Ideas of Gabriele grasped him as if she were more real than he was. Pages of words created themselves on his lap while above the couch was a television showing a drama of an ancient Korean period linked with reverberating melancholic Buddhist melodies. Toward 6 o'clock, he was still there--and for his excesses his underwear was stolen off of his body when he was performing on someone else. He wasn't sure exactly how it happened. His head hurt; and he felt a nausea concerning his life. He left wishing that he were ten again gaining the rapture of a millefleur morning of dandelions patterned into a greener fabric of grass after the evening's rain and exploring a more oceanic landscape with his sister as they splashed through an alien terrain in their rain boots. He wished for the time when she existed long before her attraction to older married men like her boss-long before her attraction to men at all. He reassured himself that he wasn't completely bad, that he was a caring person who did not harm others even with the knowledge that there was no real right or wrong on the planet, and that innocence hadn't left him entirely. He told himself that he was innocent in many ways, if not an outright fool, since he had shown himself to be kind and easily taken advantage of in business (he would have continued to tolerate only getting two-thirds of his salary so that the other teachers would get paid had it not been for the fact that he stopped paying his secretaries as well and began to rehire new ones when the old ones quit). When he arrived in Chongno Samga again his pain did not abate. He went to a pharmacy. The woman at the pharmacy was a grandmotherly type and a little boy sat on a stool in front of him. She asked what he wanted. He told her in his babyish Korean. She asked how many aspirin he wanted. He told her six. She asked him other things. He told her that he was an American and could not say much anything in Korean. When he was leaving the boy told him, "Good-by" in English. The Grandmother laughed warmly. Sang Huin felt pleasure from this little minute of his life as if all sweet and little moments were not gone altogether; and his nausea from believing that all human beings perceived each other as a voracious fulfilling of appetites diminished.

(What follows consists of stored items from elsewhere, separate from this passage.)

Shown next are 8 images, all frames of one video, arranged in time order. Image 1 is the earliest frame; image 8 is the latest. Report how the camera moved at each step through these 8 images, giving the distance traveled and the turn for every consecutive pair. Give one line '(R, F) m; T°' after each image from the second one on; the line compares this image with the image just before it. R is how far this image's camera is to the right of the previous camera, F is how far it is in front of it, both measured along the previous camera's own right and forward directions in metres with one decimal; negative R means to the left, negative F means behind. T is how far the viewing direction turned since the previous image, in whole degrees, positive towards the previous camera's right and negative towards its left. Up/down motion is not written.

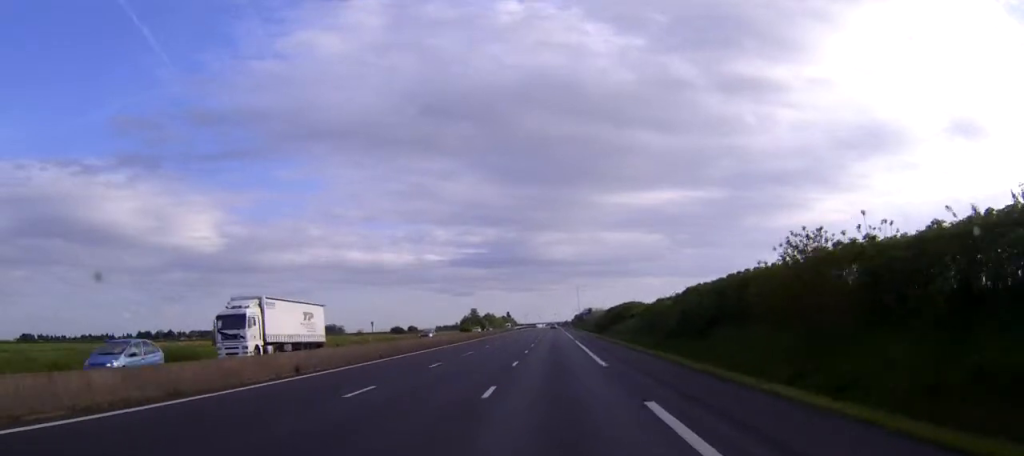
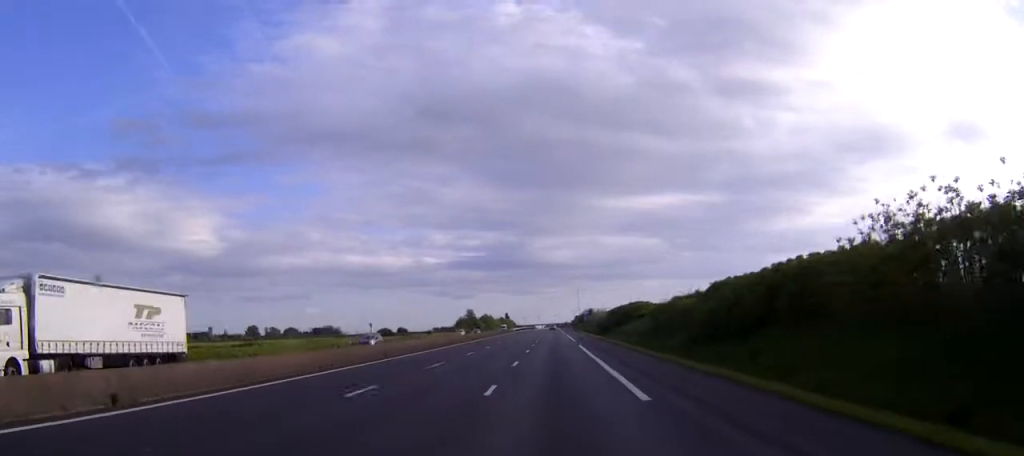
(0.0, +12.7) m; 0°
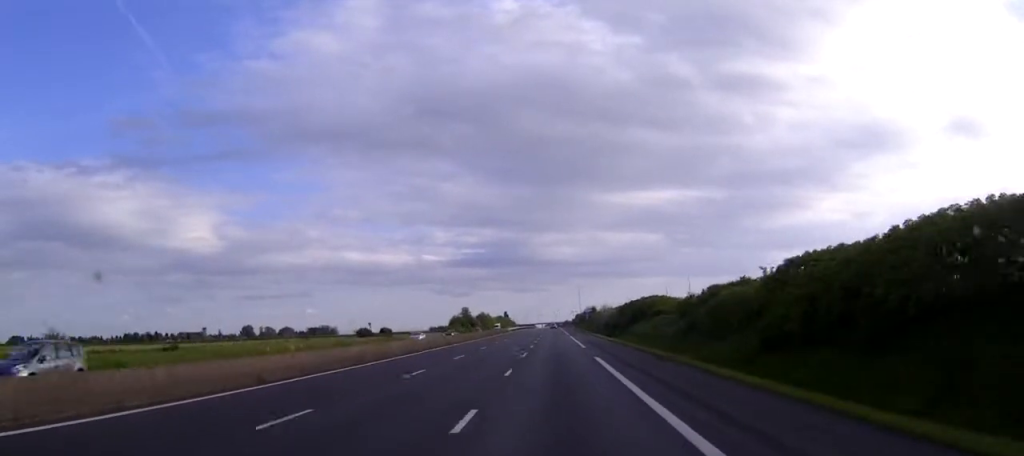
(0.0, +19.2) m; 0°
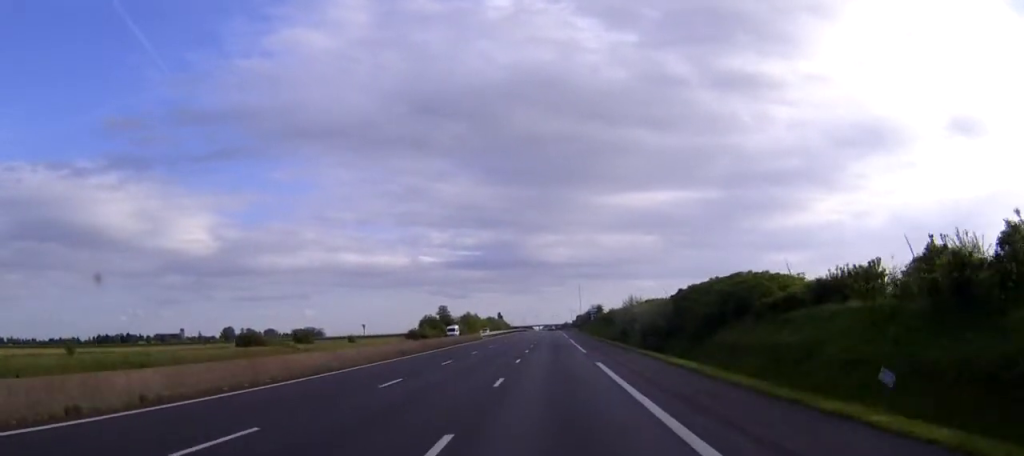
(+0.1, +55.8) m; 0°
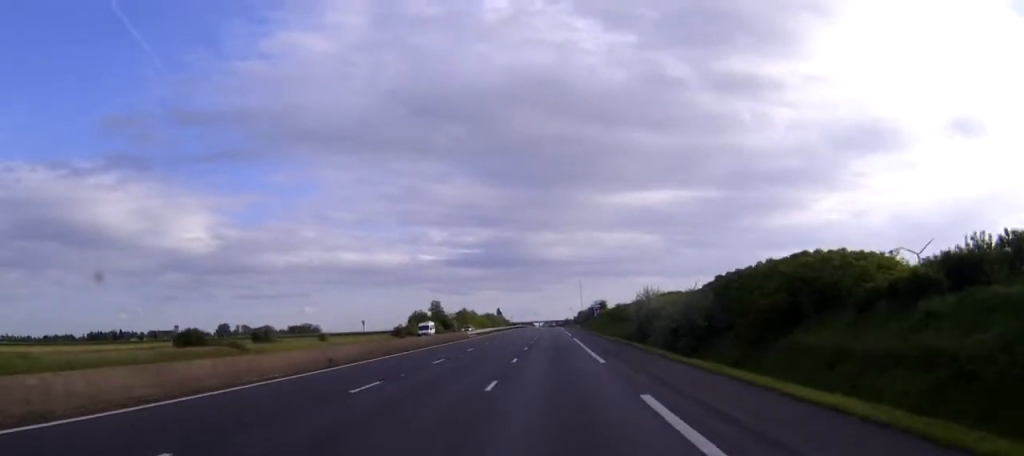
(0.0, +16.4) m; 0°
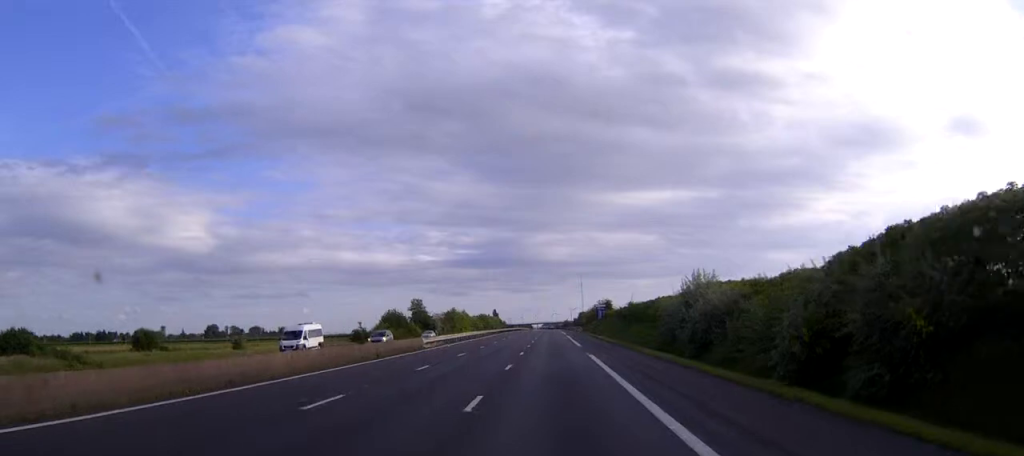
(0.0, +30.0) m; 0°
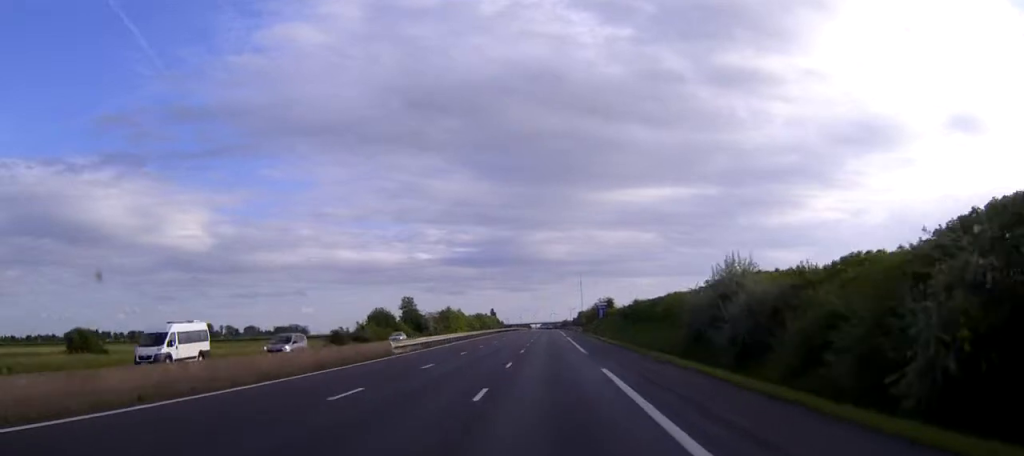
(0.0, +10.9) m; 0°
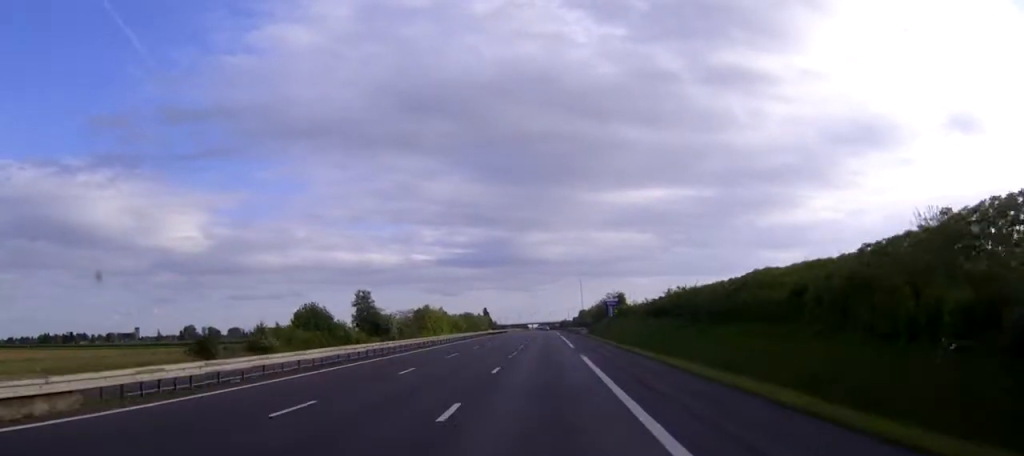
(0.0, +42.7) m; 0°

From the cannibalism of sexual excess, he ate a salad at Wendy's restaurant despite its exorbitant price and the one plate serving rule. It was a nice respite from eating too much of the dumpling snack of kimchee maundoo. The thought of eating meat did not agree with him. He shoved down some aspirin with his chocolate frosty and stared out of the window. It was past 6:30 and this area of Chongno Samga was already riveting in youthful crowds. In a few hours young men would bee vomiting on the sidewalk for their alcoholic excess as he had done on Uchiro Samga after coming out of the sauna. He hurryingly got a yogwam. He turned on AFKN, the American military channel and saw a bit of a movie on Franklin Delano Roosevelt while he pulled out a suit jacket and a tie that he had folded away in his book bag. Then he got into a taxi and went to the Sejong Cultural Center. His seat was located in the middle of the auditorium. As he sat down his cigarettes fell out of his front pocket and as he picked them up he noticed the blind man he had seen before in the subway seated with his dog in the same row. Time had made him think that the person had just been a flitting fantasy but there he was. It was a basic instinct of the lonely human psyche to wish for meaning and connection in such events as if God would move heaven and hell to give him a companion. He put the cigarettes into the slit of his pack and then glanced over to his left in the hope that no one had noticed his clumsiness. A man that looked like his sister's boss was seated next to him. It was a slight resemblance but still it horrified him. When that "thing" had been declared "not guilty" in reference to his sister's murder despite all the evidence that the prosecution had brought forward, he had fainted for a few seconds. Then, in a slow dizziness, some feelings had assembled themselves and then he had begun to think that he wanted death; and then he had just wanted out of America.